Start of SUPPLIED RECORDS

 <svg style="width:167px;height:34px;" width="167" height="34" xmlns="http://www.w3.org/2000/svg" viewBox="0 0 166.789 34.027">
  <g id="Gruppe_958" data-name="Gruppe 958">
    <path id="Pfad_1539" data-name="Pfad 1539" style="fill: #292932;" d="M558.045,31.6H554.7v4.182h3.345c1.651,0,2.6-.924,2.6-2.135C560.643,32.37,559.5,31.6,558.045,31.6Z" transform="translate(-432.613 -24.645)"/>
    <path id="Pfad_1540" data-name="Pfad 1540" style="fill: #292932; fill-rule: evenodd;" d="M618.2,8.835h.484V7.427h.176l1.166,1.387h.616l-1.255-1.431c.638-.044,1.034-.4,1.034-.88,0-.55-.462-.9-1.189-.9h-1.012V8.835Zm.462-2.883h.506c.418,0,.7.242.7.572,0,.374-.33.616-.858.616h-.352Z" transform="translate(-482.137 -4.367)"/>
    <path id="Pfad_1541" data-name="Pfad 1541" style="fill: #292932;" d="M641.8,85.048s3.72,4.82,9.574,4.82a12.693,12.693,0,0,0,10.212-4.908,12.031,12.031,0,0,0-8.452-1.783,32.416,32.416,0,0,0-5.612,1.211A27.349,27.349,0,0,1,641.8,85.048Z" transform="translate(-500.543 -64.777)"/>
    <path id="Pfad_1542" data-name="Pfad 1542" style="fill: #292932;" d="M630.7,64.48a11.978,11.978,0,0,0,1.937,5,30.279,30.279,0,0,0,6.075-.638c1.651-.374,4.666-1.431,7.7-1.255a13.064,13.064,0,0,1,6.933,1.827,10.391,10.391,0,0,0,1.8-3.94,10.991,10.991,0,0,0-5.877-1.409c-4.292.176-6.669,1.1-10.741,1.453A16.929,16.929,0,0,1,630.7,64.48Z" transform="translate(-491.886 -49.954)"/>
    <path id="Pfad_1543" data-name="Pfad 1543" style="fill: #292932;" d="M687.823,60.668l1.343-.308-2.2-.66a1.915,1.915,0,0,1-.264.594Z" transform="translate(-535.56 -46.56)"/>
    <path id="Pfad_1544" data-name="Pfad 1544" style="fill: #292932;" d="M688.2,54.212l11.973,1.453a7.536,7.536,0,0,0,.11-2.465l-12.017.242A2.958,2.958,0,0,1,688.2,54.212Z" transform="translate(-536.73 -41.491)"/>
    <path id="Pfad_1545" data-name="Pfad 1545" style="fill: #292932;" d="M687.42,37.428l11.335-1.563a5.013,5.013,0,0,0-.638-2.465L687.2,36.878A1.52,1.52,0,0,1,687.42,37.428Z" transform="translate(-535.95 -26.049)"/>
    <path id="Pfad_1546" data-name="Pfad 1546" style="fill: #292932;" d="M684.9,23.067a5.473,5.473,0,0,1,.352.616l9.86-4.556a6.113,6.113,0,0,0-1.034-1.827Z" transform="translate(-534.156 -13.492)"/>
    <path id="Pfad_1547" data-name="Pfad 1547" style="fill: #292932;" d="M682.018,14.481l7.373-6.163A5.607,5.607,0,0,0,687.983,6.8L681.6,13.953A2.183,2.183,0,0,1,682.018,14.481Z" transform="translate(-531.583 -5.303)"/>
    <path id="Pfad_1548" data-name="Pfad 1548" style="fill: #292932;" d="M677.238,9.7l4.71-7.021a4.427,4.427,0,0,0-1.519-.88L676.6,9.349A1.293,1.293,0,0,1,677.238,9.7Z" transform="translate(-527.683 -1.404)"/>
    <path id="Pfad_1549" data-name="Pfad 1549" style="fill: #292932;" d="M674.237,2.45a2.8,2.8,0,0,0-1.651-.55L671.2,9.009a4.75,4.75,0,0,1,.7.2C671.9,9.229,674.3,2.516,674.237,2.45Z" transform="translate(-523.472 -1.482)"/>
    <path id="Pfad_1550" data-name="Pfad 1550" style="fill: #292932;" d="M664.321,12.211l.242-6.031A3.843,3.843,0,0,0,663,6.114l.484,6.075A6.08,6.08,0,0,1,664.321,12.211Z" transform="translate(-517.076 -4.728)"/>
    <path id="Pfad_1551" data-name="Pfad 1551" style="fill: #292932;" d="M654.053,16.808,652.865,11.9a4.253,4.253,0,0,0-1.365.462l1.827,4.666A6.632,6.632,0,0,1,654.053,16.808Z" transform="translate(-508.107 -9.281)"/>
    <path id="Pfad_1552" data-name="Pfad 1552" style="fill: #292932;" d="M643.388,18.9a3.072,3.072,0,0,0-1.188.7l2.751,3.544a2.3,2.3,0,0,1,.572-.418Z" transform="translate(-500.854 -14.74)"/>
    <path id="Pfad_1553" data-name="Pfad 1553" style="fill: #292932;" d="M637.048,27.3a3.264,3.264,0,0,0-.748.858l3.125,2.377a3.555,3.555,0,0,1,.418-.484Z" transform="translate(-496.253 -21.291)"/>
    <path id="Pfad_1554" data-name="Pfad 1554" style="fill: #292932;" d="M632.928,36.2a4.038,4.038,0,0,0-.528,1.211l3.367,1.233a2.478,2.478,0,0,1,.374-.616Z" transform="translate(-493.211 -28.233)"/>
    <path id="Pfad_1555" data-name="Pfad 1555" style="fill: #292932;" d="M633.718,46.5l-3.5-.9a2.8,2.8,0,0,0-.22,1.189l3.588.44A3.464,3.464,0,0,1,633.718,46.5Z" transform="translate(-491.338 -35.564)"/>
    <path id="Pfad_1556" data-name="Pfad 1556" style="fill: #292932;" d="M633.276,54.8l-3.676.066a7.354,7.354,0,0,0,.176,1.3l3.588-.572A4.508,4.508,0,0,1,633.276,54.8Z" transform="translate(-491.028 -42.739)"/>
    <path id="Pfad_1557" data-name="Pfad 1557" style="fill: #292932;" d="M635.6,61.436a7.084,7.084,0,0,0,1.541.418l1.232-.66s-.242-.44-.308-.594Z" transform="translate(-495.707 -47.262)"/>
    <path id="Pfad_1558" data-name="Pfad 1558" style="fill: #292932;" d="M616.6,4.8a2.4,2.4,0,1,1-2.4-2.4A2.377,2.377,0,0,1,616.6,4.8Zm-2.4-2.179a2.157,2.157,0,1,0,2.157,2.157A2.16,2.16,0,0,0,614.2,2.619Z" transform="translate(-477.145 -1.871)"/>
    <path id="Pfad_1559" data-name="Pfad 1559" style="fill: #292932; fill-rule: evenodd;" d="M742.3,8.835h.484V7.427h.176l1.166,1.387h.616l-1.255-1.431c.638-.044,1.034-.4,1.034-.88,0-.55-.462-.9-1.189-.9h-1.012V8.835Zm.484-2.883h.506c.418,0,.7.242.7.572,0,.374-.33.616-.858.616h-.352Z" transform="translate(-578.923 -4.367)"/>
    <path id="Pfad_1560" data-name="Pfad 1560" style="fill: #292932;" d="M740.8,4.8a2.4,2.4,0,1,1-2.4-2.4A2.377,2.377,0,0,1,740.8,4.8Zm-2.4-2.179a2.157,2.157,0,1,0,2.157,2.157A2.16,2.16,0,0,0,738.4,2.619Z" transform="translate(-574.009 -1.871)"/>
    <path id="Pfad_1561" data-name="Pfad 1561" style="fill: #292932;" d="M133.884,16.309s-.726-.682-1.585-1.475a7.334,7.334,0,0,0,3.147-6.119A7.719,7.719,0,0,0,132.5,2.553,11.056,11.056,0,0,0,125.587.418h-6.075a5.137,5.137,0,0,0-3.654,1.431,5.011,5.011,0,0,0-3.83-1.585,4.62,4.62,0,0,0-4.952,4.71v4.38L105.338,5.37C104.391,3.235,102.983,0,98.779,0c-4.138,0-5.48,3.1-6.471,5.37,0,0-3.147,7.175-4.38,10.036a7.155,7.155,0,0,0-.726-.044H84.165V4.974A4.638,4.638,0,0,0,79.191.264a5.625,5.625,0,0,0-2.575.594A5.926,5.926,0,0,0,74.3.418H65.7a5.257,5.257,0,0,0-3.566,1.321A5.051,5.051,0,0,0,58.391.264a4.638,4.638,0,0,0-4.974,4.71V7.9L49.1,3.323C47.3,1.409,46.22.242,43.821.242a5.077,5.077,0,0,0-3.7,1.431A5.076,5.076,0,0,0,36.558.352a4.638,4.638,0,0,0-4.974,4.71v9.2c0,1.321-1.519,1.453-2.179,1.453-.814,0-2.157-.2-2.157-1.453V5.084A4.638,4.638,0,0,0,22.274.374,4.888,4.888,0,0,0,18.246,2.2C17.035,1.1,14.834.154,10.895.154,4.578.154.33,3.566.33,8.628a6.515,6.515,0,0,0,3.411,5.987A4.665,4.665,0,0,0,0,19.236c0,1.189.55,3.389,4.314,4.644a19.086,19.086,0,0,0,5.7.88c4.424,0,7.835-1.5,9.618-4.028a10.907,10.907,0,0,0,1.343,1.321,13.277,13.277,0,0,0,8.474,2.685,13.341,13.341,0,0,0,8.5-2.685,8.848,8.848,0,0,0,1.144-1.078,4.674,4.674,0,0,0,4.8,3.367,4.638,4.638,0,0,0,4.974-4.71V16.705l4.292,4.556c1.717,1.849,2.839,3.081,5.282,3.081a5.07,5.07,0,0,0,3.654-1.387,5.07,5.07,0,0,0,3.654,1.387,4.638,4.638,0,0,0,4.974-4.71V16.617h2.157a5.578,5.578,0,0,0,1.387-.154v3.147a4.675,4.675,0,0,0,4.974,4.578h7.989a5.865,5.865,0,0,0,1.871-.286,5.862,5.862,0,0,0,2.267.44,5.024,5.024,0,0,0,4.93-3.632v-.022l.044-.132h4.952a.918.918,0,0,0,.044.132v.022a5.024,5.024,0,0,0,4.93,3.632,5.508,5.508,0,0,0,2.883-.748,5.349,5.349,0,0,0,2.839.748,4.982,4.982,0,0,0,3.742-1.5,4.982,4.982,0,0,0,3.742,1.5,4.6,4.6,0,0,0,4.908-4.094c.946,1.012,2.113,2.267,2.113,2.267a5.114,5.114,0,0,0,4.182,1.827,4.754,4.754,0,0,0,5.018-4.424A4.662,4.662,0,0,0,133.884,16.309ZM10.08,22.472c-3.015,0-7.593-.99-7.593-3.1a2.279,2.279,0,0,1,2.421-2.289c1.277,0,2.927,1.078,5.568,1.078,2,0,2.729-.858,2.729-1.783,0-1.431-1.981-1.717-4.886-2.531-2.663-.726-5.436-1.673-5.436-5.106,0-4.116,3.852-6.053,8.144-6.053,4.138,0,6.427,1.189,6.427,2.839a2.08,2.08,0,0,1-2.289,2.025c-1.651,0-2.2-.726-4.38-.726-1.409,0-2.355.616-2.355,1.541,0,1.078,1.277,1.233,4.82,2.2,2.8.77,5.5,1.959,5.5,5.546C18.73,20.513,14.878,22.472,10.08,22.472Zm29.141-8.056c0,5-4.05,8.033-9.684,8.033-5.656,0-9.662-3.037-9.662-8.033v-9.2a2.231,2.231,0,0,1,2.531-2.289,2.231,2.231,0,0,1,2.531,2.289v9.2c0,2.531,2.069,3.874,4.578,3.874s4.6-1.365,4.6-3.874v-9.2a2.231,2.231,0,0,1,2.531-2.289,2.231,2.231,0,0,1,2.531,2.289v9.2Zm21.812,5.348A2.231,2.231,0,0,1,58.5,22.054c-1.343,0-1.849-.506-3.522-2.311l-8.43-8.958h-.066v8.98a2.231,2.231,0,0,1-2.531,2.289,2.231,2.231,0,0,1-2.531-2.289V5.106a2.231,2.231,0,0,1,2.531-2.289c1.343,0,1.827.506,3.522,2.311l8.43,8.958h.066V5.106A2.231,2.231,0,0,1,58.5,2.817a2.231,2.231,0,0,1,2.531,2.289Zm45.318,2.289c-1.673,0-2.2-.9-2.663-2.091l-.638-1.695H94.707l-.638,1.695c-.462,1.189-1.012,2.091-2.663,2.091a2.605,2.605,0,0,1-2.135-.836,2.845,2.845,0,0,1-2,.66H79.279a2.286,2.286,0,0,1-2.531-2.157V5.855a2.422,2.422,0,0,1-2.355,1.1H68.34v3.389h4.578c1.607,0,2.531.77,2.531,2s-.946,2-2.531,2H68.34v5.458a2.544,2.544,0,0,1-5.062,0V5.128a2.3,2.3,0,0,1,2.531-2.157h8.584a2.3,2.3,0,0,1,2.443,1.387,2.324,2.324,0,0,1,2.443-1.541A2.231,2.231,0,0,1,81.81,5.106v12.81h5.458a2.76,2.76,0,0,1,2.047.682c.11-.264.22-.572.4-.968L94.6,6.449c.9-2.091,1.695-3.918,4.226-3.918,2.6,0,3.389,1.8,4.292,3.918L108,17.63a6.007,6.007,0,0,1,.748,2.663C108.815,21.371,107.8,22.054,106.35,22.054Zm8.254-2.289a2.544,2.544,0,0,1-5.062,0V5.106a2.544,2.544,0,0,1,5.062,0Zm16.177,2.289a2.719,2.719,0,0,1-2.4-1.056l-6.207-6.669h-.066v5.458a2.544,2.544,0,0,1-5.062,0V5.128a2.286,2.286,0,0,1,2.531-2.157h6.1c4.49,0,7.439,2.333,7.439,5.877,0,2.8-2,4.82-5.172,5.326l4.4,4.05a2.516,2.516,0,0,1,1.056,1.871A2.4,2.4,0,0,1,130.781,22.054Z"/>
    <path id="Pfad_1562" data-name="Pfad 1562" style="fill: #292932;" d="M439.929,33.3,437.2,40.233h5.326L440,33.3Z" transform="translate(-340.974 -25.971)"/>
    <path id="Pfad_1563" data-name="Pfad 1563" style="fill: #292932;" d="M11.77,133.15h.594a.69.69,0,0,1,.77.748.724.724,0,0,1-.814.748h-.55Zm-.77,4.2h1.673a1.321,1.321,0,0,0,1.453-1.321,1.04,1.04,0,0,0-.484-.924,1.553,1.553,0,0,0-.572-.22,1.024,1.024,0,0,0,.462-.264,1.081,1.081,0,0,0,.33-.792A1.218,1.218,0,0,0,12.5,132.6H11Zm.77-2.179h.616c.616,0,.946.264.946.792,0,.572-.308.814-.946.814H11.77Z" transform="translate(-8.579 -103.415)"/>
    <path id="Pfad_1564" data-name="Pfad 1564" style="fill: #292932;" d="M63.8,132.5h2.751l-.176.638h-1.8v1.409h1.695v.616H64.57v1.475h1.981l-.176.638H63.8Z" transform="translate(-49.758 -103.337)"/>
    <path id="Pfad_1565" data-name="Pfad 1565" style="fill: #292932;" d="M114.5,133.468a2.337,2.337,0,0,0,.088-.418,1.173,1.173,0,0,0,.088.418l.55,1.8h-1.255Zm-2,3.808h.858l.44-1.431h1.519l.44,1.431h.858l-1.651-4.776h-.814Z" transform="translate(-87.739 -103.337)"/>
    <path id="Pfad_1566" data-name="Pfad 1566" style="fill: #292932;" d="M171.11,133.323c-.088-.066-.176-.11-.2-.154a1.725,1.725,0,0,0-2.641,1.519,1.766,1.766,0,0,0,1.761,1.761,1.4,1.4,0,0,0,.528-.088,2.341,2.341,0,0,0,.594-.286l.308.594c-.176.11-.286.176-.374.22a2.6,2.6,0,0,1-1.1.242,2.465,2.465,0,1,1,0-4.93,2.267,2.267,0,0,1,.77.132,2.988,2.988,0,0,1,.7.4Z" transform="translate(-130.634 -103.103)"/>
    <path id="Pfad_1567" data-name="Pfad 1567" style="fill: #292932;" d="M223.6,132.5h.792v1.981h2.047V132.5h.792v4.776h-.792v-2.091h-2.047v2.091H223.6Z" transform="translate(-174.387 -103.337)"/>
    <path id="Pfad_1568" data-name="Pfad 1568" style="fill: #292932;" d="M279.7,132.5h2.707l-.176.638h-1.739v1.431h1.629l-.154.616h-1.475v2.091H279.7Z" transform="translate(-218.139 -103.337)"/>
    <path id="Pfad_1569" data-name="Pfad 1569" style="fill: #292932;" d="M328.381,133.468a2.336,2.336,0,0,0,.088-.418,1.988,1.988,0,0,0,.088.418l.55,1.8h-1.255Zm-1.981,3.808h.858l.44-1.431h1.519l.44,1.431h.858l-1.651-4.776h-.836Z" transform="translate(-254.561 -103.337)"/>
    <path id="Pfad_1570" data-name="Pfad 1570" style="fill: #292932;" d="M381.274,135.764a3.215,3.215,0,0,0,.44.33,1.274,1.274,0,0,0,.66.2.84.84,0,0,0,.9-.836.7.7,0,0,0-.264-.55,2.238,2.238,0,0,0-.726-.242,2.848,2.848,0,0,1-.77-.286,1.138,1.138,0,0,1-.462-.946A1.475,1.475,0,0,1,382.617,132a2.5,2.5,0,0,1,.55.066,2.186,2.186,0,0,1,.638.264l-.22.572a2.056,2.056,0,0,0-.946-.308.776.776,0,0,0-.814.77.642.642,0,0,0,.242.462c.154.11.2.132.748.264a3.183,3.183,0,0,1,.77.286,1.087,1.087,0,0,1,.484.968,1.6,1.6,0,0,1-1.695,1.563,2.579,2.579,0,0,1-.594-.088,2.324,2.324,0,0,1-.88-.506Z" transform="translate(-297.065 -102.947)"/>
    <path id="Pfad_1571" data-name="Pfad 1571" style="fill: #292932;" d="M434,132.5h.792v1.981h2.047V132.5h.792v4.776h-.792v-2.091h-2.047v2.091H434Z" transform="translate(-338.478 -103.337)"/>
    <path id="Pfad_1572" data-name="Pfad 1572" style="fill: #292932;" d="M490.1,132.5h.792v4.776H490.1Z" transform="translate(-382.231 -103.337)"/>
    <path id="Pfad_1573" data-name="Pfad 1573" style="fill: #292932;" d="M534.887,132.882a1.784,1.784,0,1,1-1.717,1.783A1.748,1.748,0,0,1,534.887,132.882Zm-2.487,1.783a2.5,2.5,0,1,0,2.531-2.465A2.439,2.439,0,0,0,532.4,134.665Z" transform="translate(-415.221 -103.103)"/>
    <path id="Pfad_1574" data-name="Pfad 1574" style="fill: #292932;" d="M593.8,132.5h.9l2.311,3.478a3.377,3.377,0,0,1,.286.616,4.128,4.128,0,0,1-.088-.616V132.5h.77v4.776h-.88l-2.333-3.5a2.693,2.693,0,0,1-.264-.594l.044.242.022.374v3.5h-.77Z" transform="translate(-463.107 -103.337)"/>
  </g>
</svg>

End of SUPPLIED RECORDS

__WHAT NEEDS TO BE DONE__.
Report how many lines in these entries contain "rule". Answer with the number only.

__EXERCISE ANSWER__.
2